Gecewicz: Here’s Erica Turner in an interview we did with her.

Turner: My name is Erica Turner. I’m an assistant professor of Educational Policy Studies at UW Madison. And I study how different stakeholders and educational system makes sense of educational inequality and try to advocate for that through policy at mainly at local levels. So school district policymakers and school board members, parents, youth in schools.

Gecewicz: We asked her “what is a charter school?”

Turner: A charter school is a privately operated but publicly funded school. So they’re tuition free schools that are funded with taxpayer dollars and sometimes additional private or community resources. They operate free from many of the kinds of laws and regulations that govern traditional public schools, but they’re bound by a contract, or a charter, that lays out a school’s mission, its academic goals, and its accountability procedures. And this varies from state to state. Charter schools are like public schools since they’re free and must accept students regardless of race, gender, religion or ability. And while some charter schools are run by for-profit companies, most are run by nonprofit organizations, and although some are run by school districts, all of them are regulated differently than traditional public schools. Think of charter schools as a governance reform or a governance policy. That is, they change the relationship between individual schools and the system that holds them accountable, giving greater flexibility, and a charter system that is reviewed every few years rather than a certain type of education. Because what you’ll see is that from school to school students may receive a very different kind of education and the schools themselves have different kinds of goals and different ways of achieving them.

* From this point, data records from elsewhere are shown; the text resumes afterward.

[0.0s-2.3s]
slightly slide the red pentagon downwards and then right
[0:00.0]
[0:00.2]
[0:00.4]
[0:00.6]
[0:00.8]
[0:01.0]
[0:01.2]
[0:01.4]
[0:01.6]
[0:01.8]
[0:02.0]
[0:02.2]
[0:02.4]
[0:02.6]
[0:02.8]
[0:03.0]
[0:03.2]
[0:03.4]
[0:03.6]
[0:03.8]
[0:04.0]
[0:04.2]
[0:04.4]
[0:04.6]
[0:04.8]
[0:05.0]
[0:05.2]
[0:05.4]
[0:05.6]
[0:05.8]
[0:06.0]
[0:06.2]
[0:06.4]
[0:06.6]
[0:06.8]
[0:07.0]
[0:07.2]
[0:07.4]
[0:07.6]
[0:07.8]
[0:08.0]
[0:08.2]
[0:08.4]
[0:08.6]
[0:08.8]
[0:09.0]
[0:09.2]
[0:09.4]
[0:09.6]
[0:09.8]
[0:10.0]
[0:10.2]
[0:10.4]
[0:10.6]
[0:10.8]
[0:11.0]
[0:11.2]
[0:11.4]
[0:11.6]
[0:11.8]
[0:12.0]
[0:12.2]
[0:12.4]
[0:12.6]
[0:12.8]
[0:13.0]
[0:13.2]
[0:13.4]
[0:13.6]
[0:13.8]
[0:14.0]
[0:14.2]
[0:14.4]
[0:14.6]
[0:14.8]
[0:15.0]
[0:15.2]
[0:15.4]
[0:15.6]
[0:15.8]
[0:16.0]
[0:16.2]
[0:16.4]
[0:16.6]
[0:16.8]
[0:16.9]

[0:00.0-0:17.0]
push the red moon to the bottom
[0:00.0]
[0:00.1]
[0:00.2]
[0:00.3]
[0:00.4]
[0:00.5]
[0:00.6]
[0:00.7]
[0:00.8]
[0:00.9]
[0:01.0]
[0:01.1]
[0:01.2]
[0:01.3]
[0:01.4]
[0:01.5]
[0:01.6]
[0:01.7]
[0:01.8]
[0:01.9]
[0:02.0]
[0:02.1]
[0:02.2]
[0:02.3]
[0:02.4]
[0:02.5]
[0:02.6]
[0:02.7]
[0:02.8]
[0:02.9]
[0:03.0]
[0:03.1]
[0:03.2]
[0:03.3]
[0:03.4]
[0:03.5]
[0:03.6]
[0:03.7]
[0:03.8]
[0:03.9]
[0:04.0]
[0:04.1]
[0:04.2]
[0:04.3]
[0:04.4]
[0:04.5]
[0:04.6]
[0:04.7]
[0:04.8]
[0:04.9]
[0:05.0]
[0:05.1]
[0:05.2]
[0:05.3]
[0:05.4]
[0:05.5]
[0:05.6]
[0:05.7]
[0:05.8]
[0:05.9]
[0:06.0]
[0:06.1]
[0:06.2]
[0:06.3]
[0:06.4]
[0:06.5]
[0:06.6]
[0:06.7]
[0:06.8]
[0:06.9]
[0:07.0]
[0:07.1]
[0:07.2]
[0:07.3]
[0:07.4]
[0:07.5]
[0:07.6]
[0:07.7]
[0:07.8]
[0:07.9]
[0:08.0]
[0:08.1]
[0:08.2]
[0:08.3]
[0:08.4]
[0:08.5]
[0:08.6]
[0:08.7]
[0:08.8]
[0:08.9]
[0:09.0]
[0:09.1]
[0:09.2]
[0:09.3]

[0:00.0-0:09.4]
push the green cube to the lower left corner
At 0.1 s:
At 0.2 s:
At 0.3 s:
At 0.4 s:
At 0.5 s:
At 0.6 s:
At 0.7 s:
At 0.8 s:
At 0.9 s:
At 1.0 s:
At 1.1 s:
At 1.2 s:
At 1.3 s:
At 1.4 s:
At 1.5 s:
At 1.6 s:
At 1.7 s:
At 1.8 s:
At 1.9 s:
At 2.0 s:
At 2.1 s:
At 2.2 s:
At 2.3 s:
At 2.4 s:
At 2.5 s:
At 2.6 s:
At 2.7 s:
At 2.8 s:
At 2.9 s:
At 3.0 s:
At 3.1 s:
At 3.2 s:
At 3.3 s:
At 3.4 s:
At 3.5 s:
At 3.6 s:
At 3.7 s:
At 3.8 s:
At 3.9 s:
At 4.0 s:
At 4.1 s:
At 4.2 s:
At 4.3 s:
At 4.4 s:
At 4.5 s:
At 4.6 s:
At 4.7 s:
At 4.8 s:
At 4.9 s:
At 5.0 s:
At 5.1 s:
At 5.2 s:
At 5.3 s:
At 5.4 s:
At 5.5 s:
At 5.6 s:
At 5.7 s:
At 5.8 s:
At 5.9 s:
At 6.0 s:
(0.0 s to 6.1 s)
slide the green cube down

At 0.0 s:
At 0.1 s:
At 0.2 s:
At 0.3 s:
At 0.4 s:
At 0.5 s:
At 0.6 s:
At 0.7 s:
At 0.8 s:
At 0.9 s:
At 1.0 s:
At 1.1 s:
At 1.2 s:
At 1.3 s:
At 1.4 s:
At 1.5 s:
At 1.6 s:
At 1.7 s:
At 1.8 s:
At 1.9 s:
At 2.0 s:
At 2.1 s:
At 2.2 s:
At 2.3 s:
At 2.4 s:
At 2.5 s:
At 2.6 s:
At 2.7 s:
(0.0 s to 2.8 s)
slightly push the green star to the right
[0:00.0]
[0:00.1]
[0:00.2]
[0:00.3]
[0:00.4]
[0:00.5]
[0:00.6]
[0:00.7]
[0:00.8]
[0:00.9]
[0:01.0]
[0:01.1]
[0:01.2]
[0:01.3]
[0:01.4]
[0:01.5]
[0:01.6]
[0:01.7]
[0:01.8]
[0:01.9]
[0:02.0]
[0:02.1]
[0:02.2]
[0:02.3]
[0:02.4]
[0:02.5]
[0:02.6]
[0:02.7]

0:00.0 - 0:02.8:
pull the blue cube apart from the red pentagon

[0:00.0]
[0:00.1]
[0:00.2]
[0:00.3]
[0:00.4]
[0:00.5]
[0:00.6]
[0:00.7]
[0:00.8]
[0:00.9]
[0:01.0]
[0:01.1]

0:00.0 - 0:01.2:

Gecewicz: According to Professor Turner, charter schools are complicated not only because they vary from state to state, but because of the kind of school that is created as a charter school.

Turner: And so this is an important distinction to notice. On the one hand, charter schools are a reform in the sense that they change the governance system of schooling, but they’re not a particular kind of learning reform or educational reform, or I should say they can be really widely disparate in the kind of educational reform they might produce. So you can find charter schools that are afrocentric charter schools, you can find what are frequently called “no excuses” charter schools, where typically they might have a longer school day, they’re very focused on test scores and regimented approaches to both learning and to student comportment. You can have schools that might focus on expeditionary learning. That’s not very common in urban districts, but increasingly in some suburban districts; so they’re kind of more project-based or more experiential kinds of learning really alternative forms of education. You can have community supported or developed charter schools where they may come from a local neighborhood organization. Some of the first schools were put forward by minoritized communities that felt like their children were not being well served within the public schools. Others were started by teachers who felt like they wanted to…that the  traditional public schools constrained the forms of education that they thought would be most effective and most ethical for students. Increasingly, charter schools are dominated–the whole field of charter schools–is dominated by these, what are called charter management organizations. So larger privately run organizations that may have multiple charter schools within a state, within a city, or across the country. But the original idea was more of these kind of mom and pop schools. And those still exist, although they’re not as prevalent as these larger charter management organizations.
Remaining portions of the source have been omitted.